View Full Version : Quick Edit and iowait
anewday
04-18-2008, 11:55 PM
On my forums, occassionally when a user clicks on the Complete button using the quick edit function..it causes the iowait of the server to spike as much as 40%. As a result, it takes more than 5 seconds for it to be processed, should be a second only. This happens during not so busy times, load under 1 with barely any iowait. The weird thing is I almost never see this type of behavior with Apache. :confused:
mistwang
04-19-2008, 07:58 AM
I/O wait is most likely cuased by heavy random access to HD, I don't know if there is really any corelation with quick edit.

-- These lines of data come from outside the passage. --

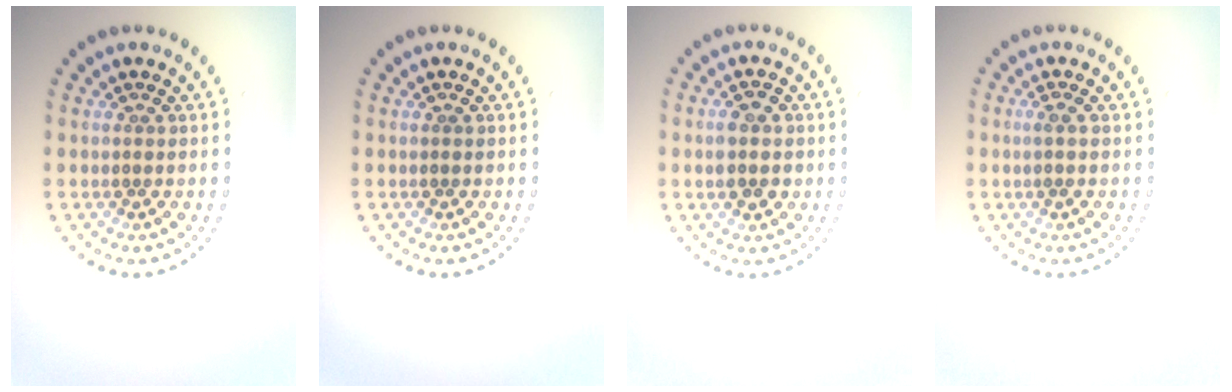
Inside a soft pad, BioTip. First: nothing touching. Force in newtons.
{"total": 0.0}
{"total": 2.8, "press": 2.8, "slide": 0.0}
{"total": 0.7, "press": 0.5, "slide": 0.5}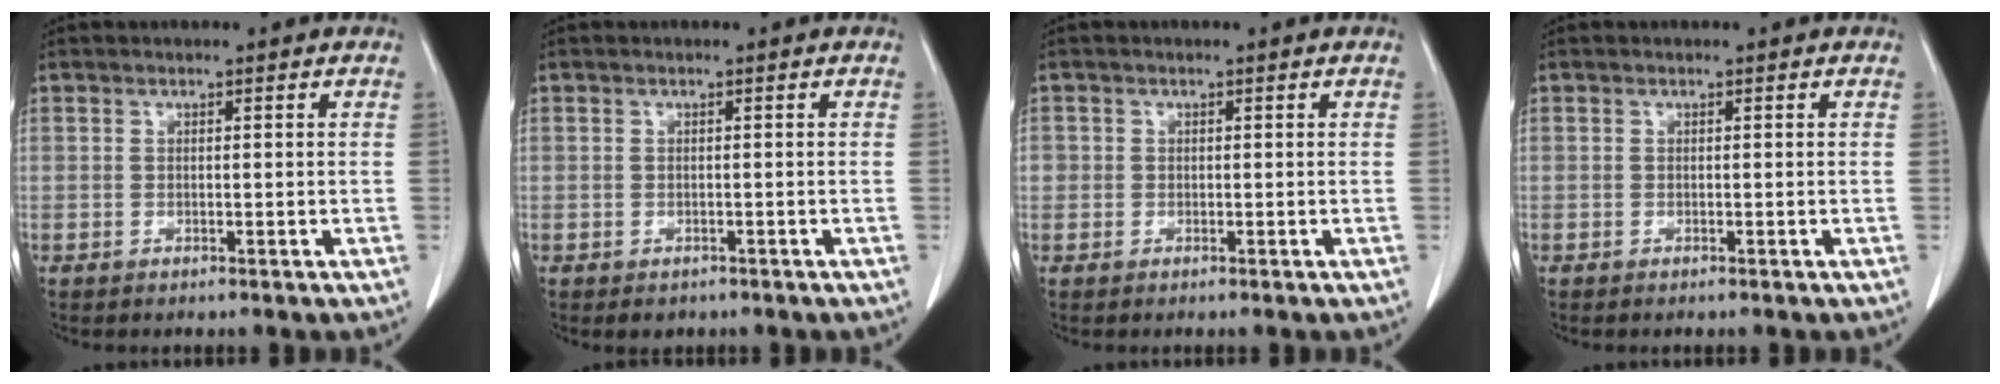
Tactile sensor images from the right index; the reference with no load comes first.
{"total": 1.6, "force": [-1.0, 1.1, 0.4], "torque": [-0.005, 0.001, -0.006]}
{"total": 1.4, "force": [0.0, 1.3, 0.2], "torque": [0.007, 0.005, -0.002]}
{"total": 0.0}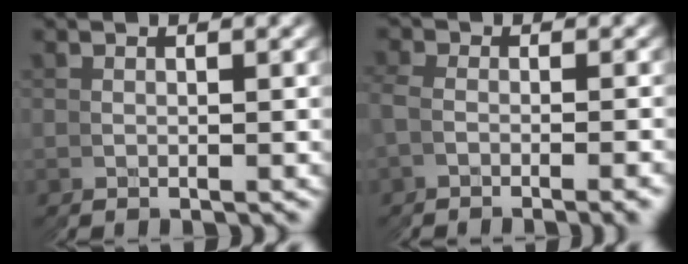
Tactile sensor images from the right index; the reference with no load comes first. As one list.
[{"total": 2.3, "force": [-1.0, -1.8, -1.0], "torque": [0.011, 0.017, -0.027]}]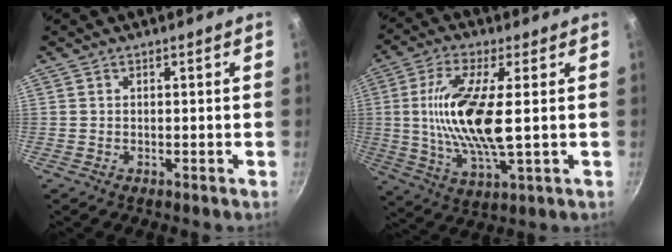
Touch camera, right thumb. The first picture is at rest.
{"total": 15.3, "force": [1.2, 4.5, 14.6], "torque": [-0.295, -0.007, 0.020]}

If yes, you need to check the HTTP request used for quick edit and find out why.
anewday
04-19-2008, 08:39 AM
How can I find the http request for quick edit?
anewday
04-19-2008, 01:39 PM
Ok, I met this 3 times today and I was able to see consistencies in the error_log file.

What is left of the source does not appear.